*What you should do:* Transcribe each record precisely; images stay out.

[Records excerpted from a collection]

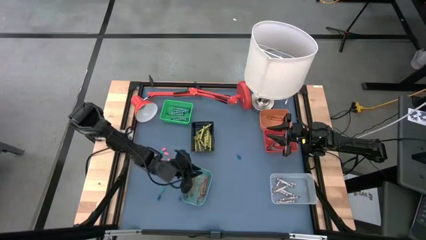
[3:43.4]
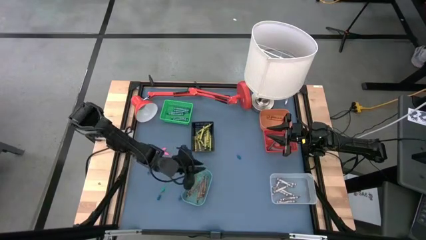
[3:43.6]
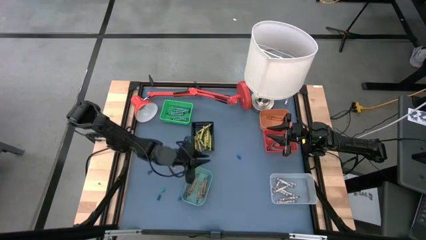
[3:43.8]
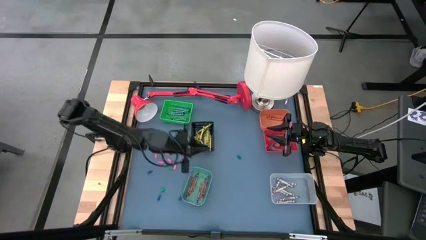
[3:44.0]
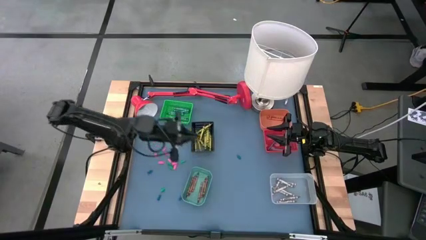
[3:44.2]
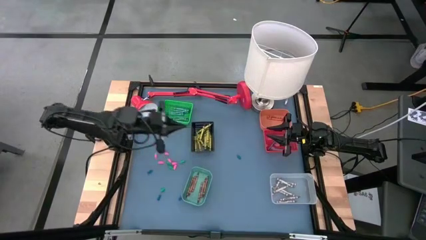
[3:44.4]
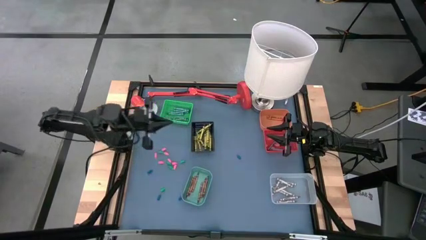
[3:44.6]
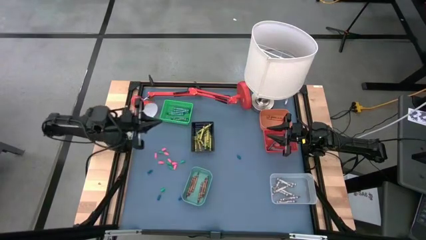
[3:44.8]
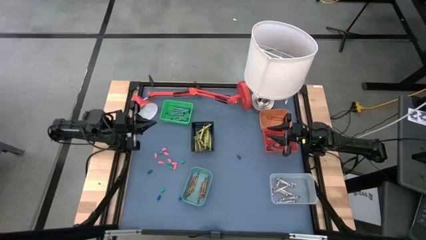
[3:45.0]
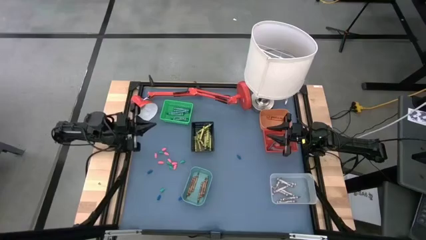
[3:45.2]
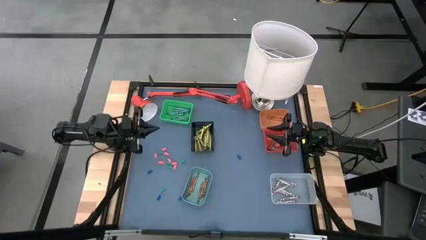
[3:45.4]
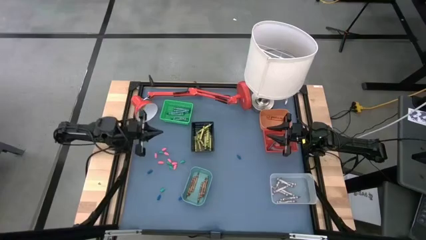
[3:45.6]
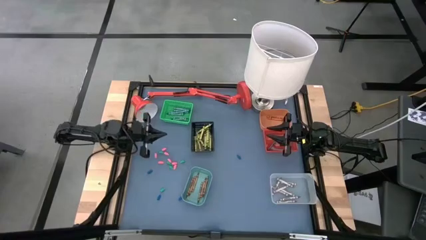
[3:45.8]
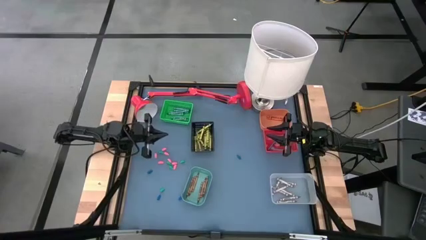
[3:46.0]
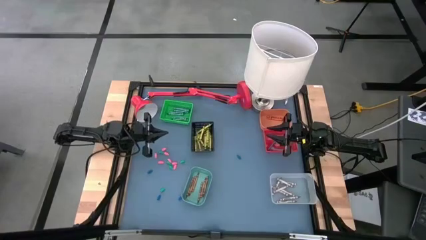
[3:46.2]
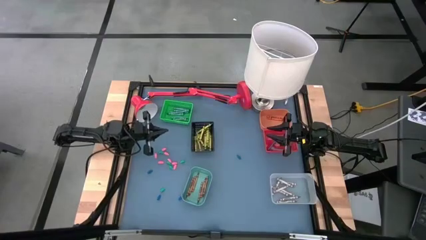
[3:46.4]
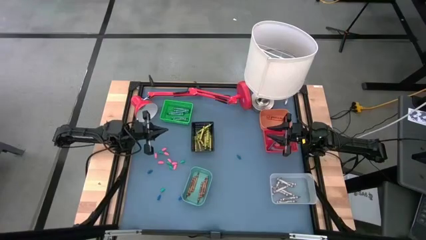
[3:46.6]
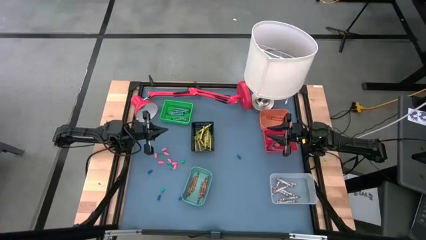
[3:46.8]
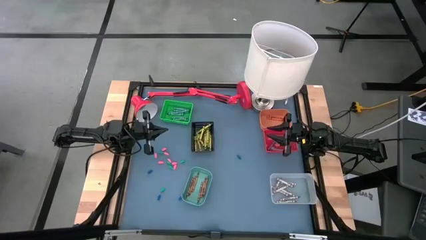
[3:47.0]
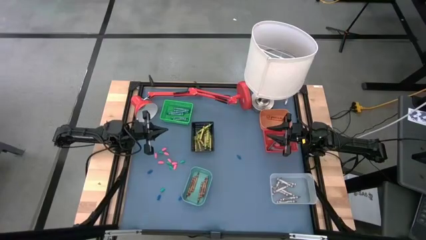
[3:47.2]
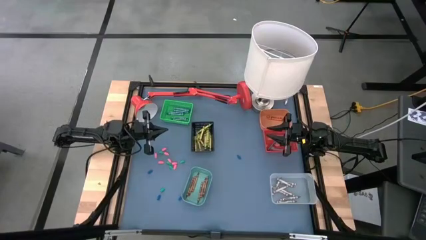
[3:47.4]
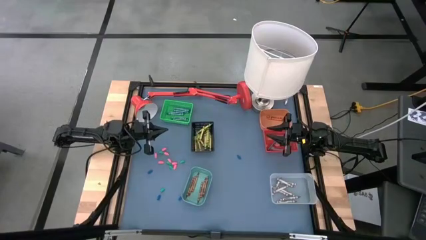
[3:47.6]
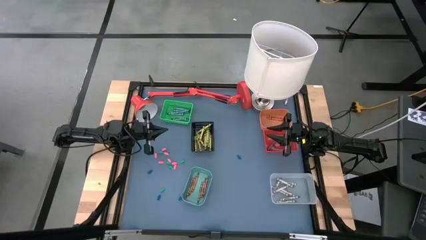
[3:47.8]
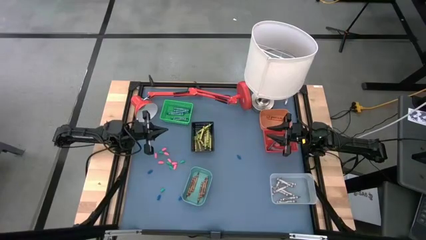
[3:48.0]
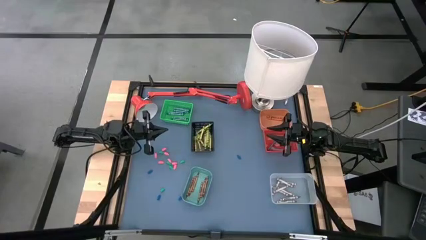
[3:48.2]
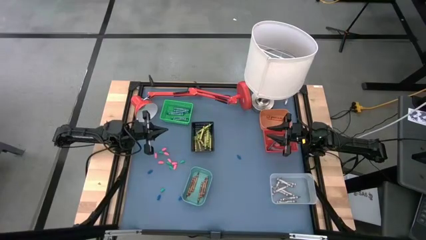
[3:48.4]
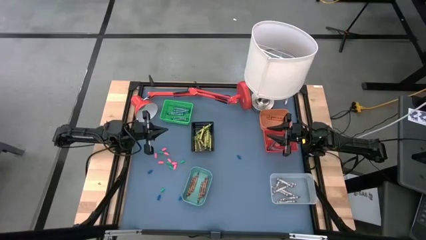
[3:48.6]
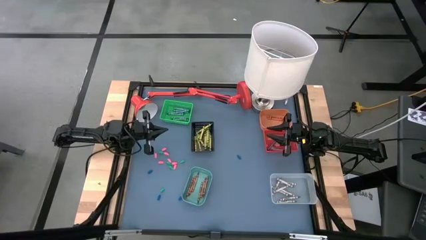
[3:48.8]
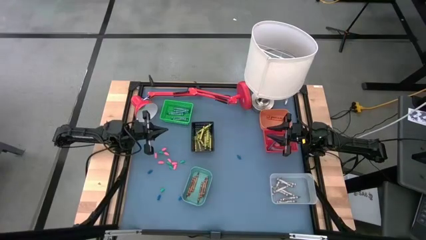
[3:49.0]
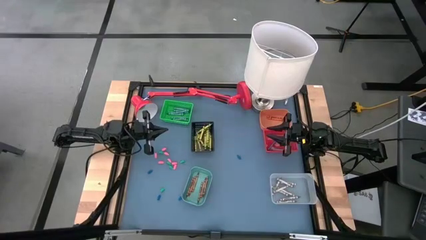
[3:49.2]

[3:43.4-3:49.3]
Return to Home Position

*Answer for the task:*
[3:43.4]
[3:43.6]
[3:43.8]
[3:44.0]
[3:44.2]
[3:44.4]
[3:44.6]
[3:44.8]
[3:45.0]
[3:45.2]
[3:45.4]
[3:45.6]
[3:45.8]
[3:46.0]
[3:46.2]
[3:46.4]
[3:46.6]
[3:46.8]
[3:47.0]
[3:47.2]
[3:47.4]
[3:47.6]
[3:47.8]
[3:48.0]
[3:48.2]
[3:48.4]
[3:48.6]
[3:48.8]
[3:49.0]
[3:49.2]

[3:43.4-3:49.3]
Return to Home Position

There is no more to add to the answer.